Cotton On, for those of you who mightn’t have one in your local mall, is sort of like an Australian version of Gap. Except cheaper. And without all those phoney arseholes wearing headsets pretending they care about you by asking how your day is going before lying to you about how great those khakis/cords/jeans make your bum look.
There was a recent uproar over a line of bubs slogan-tees that they launched. Below, I’m going to list them, in ascending order of bad taste:
5. ‘Drive it Like You Stole It’ (With a Picture of a Pram). Perhaps almost cute. Not quite as distasteful as some, but sounds like something a teenager would’ve penned
4. ‘F.B.I.’ with ‘Farts Burps Insomnia’ in small print underneath. I find this particularly irksome since they don’t even have the FBI in this country. Use your own damn acronyms
3. ‘I’m a Tits Man’ The word tits is in the same category with the word panties: cringe-inducing. Men use it, women hate it. Ok when talking about boobs of the proportion of Pamela Anderson. Appropriate - arguably even funny - in movies like American Pie. Does NOT (under any circumstances) belong on a bubs tee-shirt. Are you listening, global marketeers?
2. ‘The Condom Broke’ / ‘I’m Living Proof My Mum is Easy’ are tied for the coveted number 2 position. Does not even warrant a pithy comment from moi.
1. ‘They Shake Me’ Seriously? Remember Louise Woodward, the supposedly perfect English nanny who was accused of killing her charge by shaking him to death? This is beyond irreverent humour, this is trivialising abuse. What next? ‘Grandpa is a paedophile’?

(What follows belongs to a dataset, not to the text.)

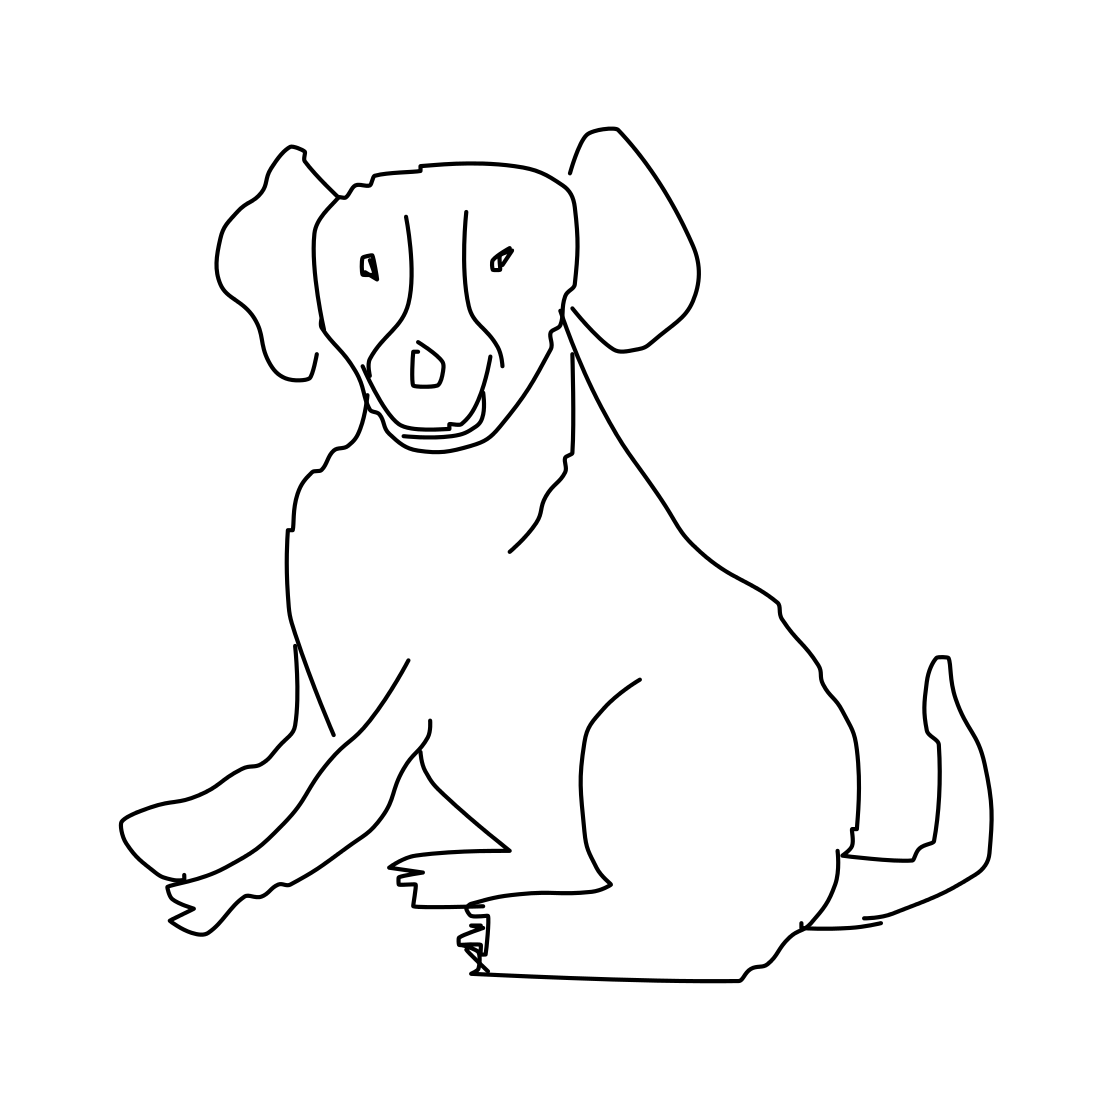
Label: dog
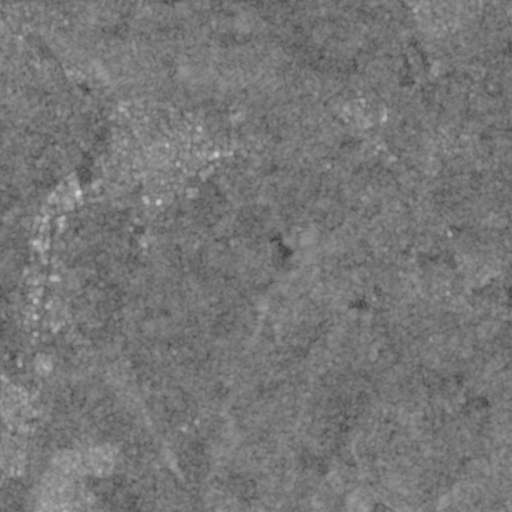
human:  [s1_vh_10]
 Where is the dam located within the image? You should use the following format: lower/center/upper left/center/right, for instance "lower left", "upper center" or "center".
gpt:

Maybe it’s just a Gen Y thing. Maybe as much as I hate to admit it, I might just be getting old in not finding any of these even the least bit funny. In fact, after reading these, all I could picture was Nicole Ritchie (or the like) and her tattooed partner yucking it up in the shop before buying a batch to take home and distribute to their uber-hip friends.

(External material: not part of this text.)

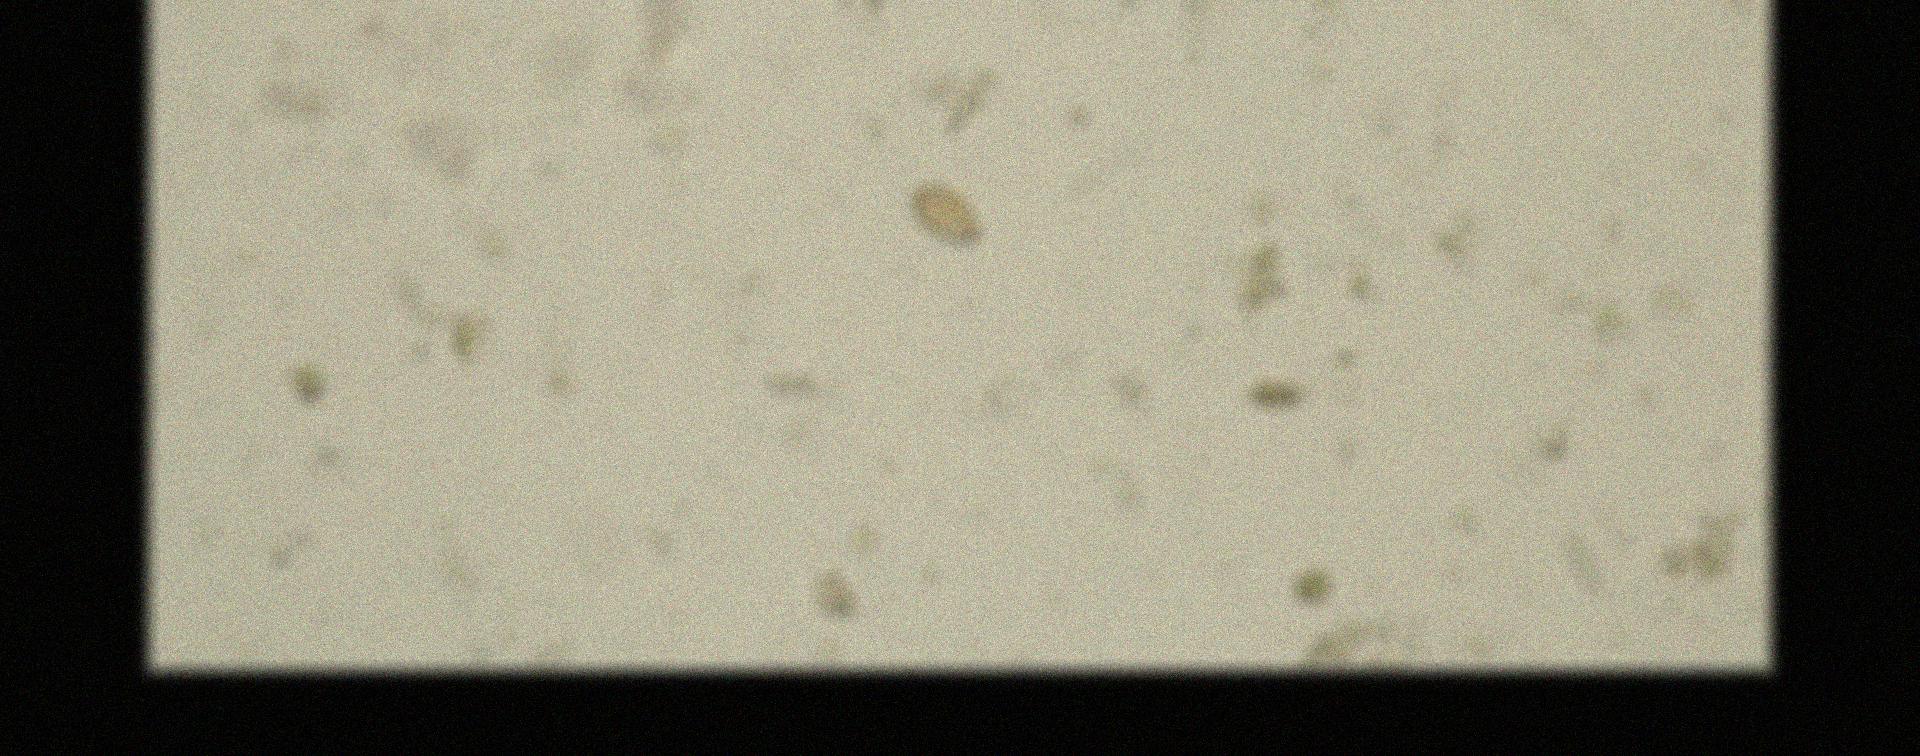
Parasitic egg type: Opisthorchis viverrine

Now admittedly, we all use our kids to make statements, consciously or not. We don't always sign on for that, but some one has to do it. Of course they are extensions of our beliefs and values. We give them the haircuts we think are appropriate, buy them the toys we want (someone out there is still buying Bratz dolls) and dress them the way we like. I’m still waiting to see a baby sporting a tiny black and red Che Guevera number or a Palin 2012 tee shirt. But in this case, I don’t know even know what – or who – they were going for, since ribald humour and babies do not go together. Ever. Think milk and orange juice, Red Sox and Yankees, Keats and Donne.

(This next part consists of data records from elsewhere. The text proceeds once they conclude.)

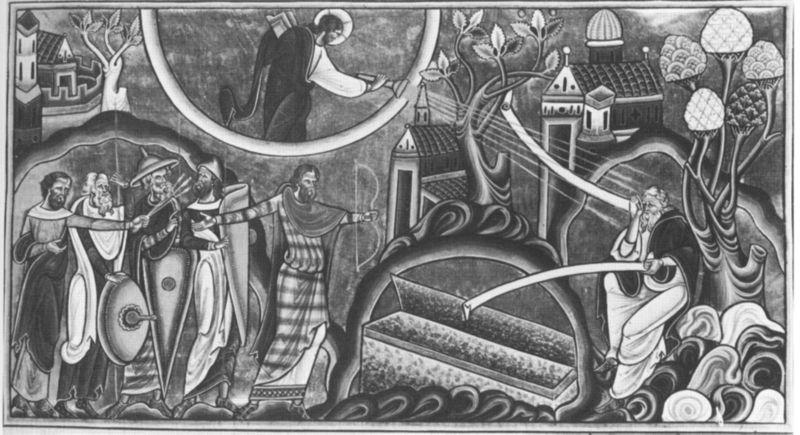
Titel: Canterbury Psalter von Paris
Standort: Herstellungsort: Canterbury, Christ Church (EU - GB)
Institution: Paris, Bibliothèque Nationale
Schlagwörter: baum, gott, mann, meer, wasser, bäume, kirchturm, stadt, licht, schwarz, weiss, architektur, kirche, gewand, pflanzen, höhle, früchte, wellen, bogen, leer, dorf, mauer, kuppel, wogen, soldaten, schild, religion, strahlen, schwert, waffe, helm, ritter, armee, bekleidung, sarg, grab, jesus, mittelalter, heiliger, tempel, erleuchtung, pfeil, grablegung, auferstehung, pfeile, josef, öffnen, regenbogen, schilde, buchmalerei, bildfelder, illumination, bogenm, taschenlampe, bogemn, sagr
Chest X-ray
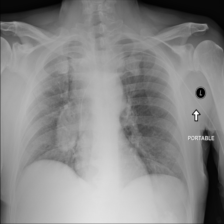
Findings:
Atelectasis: negative
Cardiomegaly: negative
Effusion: negative
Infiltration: negative
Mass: negative
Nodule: negative
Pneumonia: negative
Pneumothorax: negative
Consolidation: negative
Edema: negative
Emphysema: negative
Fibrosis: negative
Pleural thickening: negative
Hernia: negative
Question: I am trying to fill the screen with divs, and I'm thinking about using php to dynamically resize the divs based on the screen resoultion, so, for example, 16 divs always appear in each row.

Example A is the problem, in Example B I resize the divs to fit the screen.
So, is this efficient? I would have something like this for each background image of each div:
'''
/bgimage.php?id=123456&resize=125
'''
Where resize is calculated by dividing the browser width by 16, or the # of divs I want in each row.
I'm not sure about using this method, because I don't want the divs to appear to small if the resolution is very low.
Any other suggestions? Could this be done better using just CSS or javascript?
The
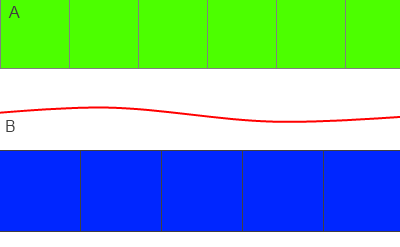
Answer: I don't see why you need any scripting in any language?
If you set every div to float left with a width of 6% then 16 divs will take up 96% of the width no matter what the screen is resized to. You can wrap them in another div with a 4% margin to handle the remaining 4%.
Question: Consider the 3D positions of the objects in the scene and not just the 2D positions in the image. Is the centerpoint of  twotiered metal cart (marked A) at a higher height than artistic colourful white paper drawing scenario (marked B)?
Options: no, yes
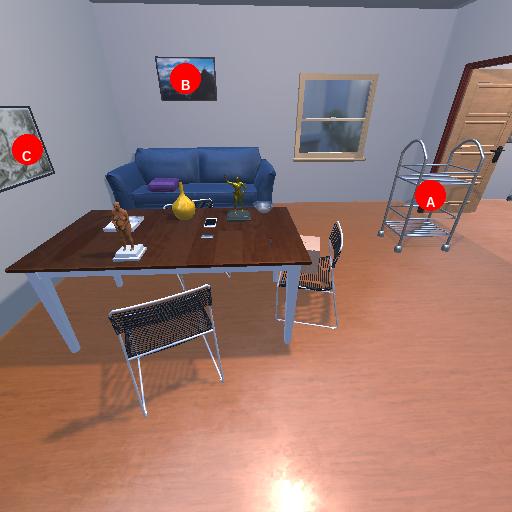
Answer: no

The Cotton On group describes themselves as a ‘winning combination of globally relevant fashion at affordable prices.’ Well gee, now that you mention it, child abuse is globally relevant. But not when it sounds like a slogan coined by Andrew ‘Dice’ Clay on a baby’s tee shirt. This also begs the question of how many round tables did these slogans undergo before even making it to the manufacture-and-distribute phase. And which oh-so-hip-and-clever CEO gave his final stamp of approval? I’m ageistly assuming that the CEO is a thirty-something; a quick google search unsurprisingly didn’t produce a name, and rightfully so - whoever it is is probably still in hiding.
The hullabaloo has died down since this happened, and the usual finger-in-the-dike steps have been taken: the canned corporate ‘apology’ followed by the pulling of the items from the stores.
I should take comfort that these slogans have even caused controversy. And no doubt, so does Cotton On, since bad publicity is always better than no publicity. I just never thought I’d be part of the moral majority. But then, having kids does all sortsa funky things to you…
In your post you have a little sense of humor and I like it.